==== Material shown

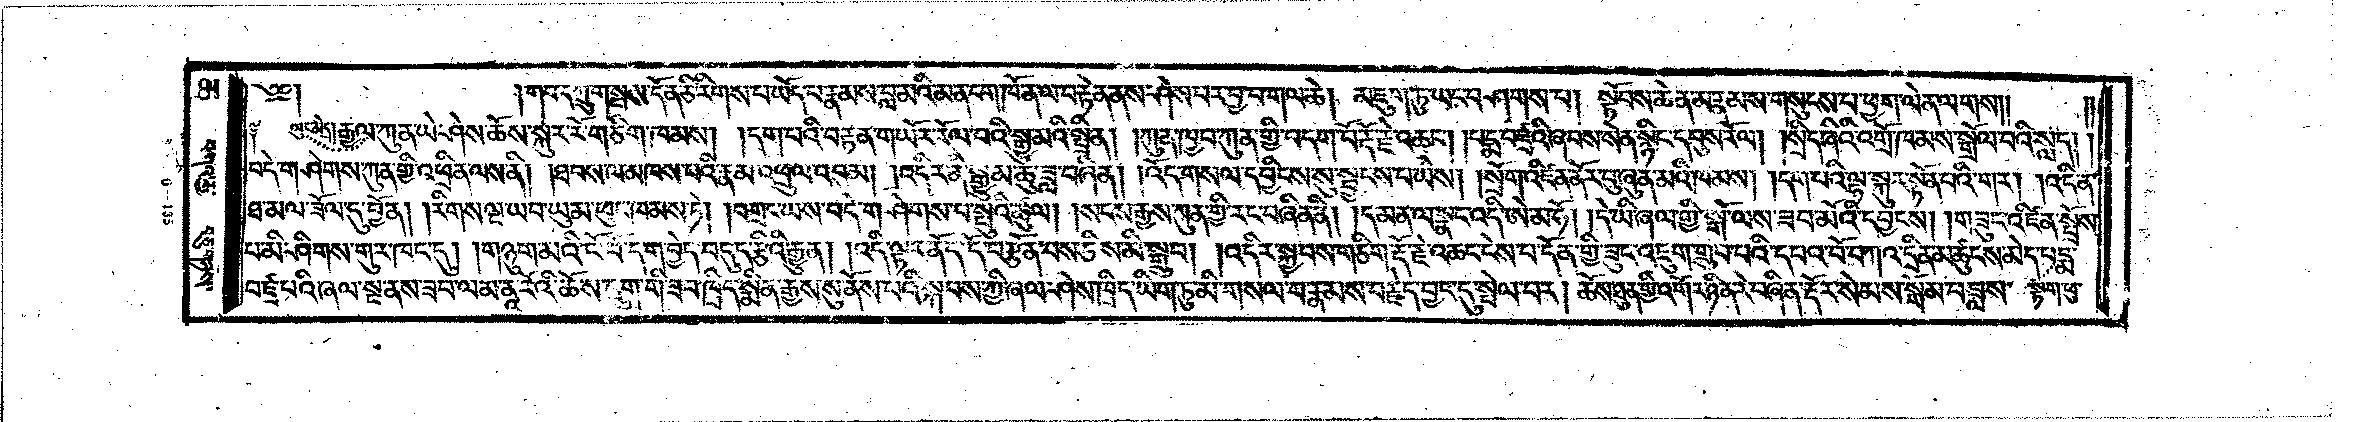༄༅། །གབ་དཀྲུག་སྤས་དོན་ཅི་རིགས་པ་ཡོད་པ་རྣམས་བླ་མའི་མན་ངག་ཁོ་ན་ལ་བརྟེན་ནས་ཤེས་པར་བྱ་བ་གལ་ཆེ། མཇུག་ཏུ་ཡང་བཤགས་པ། སྟོབས་ཆེན་མ་རྣམས་གསུངས་པ་ཕྱག་ལེན་ལགས།། །།
༈ རྒྱལ་ལུང་མེད།  ཀུན་ཡེ་ཤེས་ཆོས་སྐུར་རོ་གཅིག་ཁམས། །དག་པའི་བརྟན་གཡོར་རོལ་བའི་སྒྱུ་མའི་སྤྲིན། །ཀུན་ཁྱབ་ཀུན་གྱི་བདག་པོ་རྡོ་རྗེ་འཆང་། །པདམ་བཛྲའི་ཞབས་སེན་སྙིང་དབུས་རོལ། །སྲིད་ཞིའི་འགྲོ་ཁམས་སྒྲོལ་བའི་སླད། །
བདེ་གཤེགས་ཀུན་གྱི་འཕྲིན་ལས་ནི། །ཐབས་ལ་མཁས་པའི་རྣམ་འཕྲུལ་འབུམ། །འདིར་ནི་སྒྱུ་མ་ཆུ་ཟླ་བཞིན། །འོད་གསལ་དབྱིངས་སུ་སྦྱངས་པ་ཡིས། །སྲོག་འཛིན་ནོར་བུ་ཞུན་མའི་ཁམས། །དག་པའི་ལྷ་སྐུར་སྟོན་པའི་གར། །འདི་ན་
ཐ་མལ་ཟོལ་དུ་བྱོན། །རིགས་ལྔ་ཡབ་ཡུམ་ཕུང་ཁམས་ཏེ། །བགྲང་ཡས་བདེ་གཤེགས་པ་སྤུའི་ཚུལ། །སངས་རྒྱས་ཀུན་གྱི་རང་བཞིན་ནི། །དམན་ལ་སྣང་འདི་ཨེ་མ་ཧོ། །དེ་ཡི་ཞལ་གྱི་སྒོ་ལས་ཟབ་མོའི་དབྱངས། །གཟུང་འཛིན་སྤྲོས་
པ་མི་ཤིགས་གུར་ཁང་དུ། །གཉུག་མའི་ངོ་བོ་དག་བྱེད་བདུད་རྩིའི་རྒྱུན། །འདི་ལྟར་ནོད་དོ་བརྩོན་པས་ཅིས་མི་སྒྲུབ། །འདིར་སྐྱབས་གཅིག་རྡོ་རྗེ་འཆང་ངེས་པ་དོན་གྱི་ཟུང་འཇུག་འཇུག་གྲུབ་པའི་དཔའ་བོ་བཀའ་དྲིན་མཚུངས་མེད་པདམ་སྟག་ཕུ་
བཛྲ་པའི་ཞལ་སྔ་ནས་ཟབ་ལམ་ནཱ་རོའི་ཆོས་དྲུག་གི་ཟབ་ཁྲིད་སྨིན་རྒྱས་སུ་ནོས་པའི་སྐབས་ཀྱི་ཞལ་ཤེས་ཁྲིད་ཡིག་ཏུ་མི་གསལ་བ་རྣམས་བརྗེད་བྱང་དུ་སྤེལ་བར། ཆོས་ཐུན་གྱི་འགོར་ཉིན་རེ་བཞིན་རྡོར་སེམས་སྒོམ་བཟླས་

========

Exercise aim — Wherever a picture appears, omit it; copy the rest of the data exactly.

Answer to this task —
༄༅། །གབ་དཀྲུག་སྤས་དོན་ཅི་རིགས་པ་ཡོད་པ་རྣམས་བླ་མའི་མན་ངག་ཁོ་ན་ལ་བརྟེན་ནས་ཤེས་པར་བྱ་བ་གལ་ཆེ། མཇུག་ཏུ་ཡང་བཤགས་པ། སྟོབས་ཆེན་མ་རྣམས་གསུངས་པ་ཕྱག་ལེན་ལགས།། །།
༈ རྒྱལ་ལུང་མེད།  ཀུན་ཡེ་ཤེས་ཆོས་སྐུར་རོ་གཅིག་ཁམས། །དག་པའི་བརྟན་གཡོར་རོལ་བའི་སྒྱུ་མའི་སྤྲིན། །ཀུན་ཁྱབ་ཀུན་གྱི་བདག་པོ་རྡོ་རྗེ་འཆང་། །པདམ་བཛྲའི་ཞབས་སེན་སྙིང་དབུས་རོལ། །སྲིད་ཞིའི་འགྲོ་ཁམས་སྒྲོལ་བའི་སླད། །
བདེ་གཤེགས་ཀུན་གྱི་འཕྲིན་ལས་ནི། །ཐབས་ལ་མཁས་པའི་རྣམ་འཕྲུལ་འབུམ། །འདིར་ནི་སྒྱུ་མ་ཆུ་ཟླ་བཞིན། །འོད་གསལ་དབྱིངས་སུ་སྦྱངས་པ་ཡིས། །སྲོག་འཛིན་ནོར་བུ་ཞུན་མའི་ཁམས། །དག་པའི་ལྷ་སྐུར་སྟོན་པའི་གར། །འདི་ན་
ཐ་མལ་ཟོལ་དུ་བྱོན། །རིགས་ལྔ་ཡབ་ཡུམ་ཕུང་ཁམས་ཏེ། །བགྲང་ཡས་བདེ་གཤེགས་པ་སྤུའི་ཚུལ། །སངས་རྒྱས་ཀུན་གྱི་རང་བཞིན་ནི། །དམན་ལ་སྣང་འདི་ཨེ་མ་ཧོ། །དེ་ཡི་ཞལ་གྱི་སྒོ་ལས་ཟབ་མོའི་དབྱངས། །གཟུང་འཛིན་སྤྲོས་
པ་མི་ཤིགས་གུར་ཁང་དུ། །གཉུག་མའི་ངོ་བོ་དག་བྱེད་བདུད་རྩིའི་རྒྱུན། །འདི་ལྟར་ནོད་དོ་བརྩོན་པས་ཅིས་མི་སྒྲུབ། །འདིར་སྐྱབས་གཅིག་རྡོ་རྗེ་འཆང་ངེས་པ་དོན་གྱི་ཟུང་འཇུག་འཇུག་གྲུབ་པའི་དཔའ་བོ་བཀའ་དྲིན་མཚུངས་མེད་པདམ་སྟག་ཕུ་
བཛྲ་པའི་ཞལ་སྔ་ནས་ཟབ་ལམ་ནཱ་རོའི་ཆོས་དྲུག་གི་ཟབ་ཁྲིད་སྨིན་རྒྱས་སུ་ནོས་པའི་སྐབས་ཀྱི་ཞལ་ཤེས་ཁྲིད་ཡིག་ཏུ་མི་གསལ་བ་རྣམས་བརྗེད་བྱང་དུ་སྤེལ་བར། ཆོས་ཐུན་གྱི་འགོར་ཉིན་རེ་བཞིན་རྡོར་སེམས་སྒོམ་བཟླས་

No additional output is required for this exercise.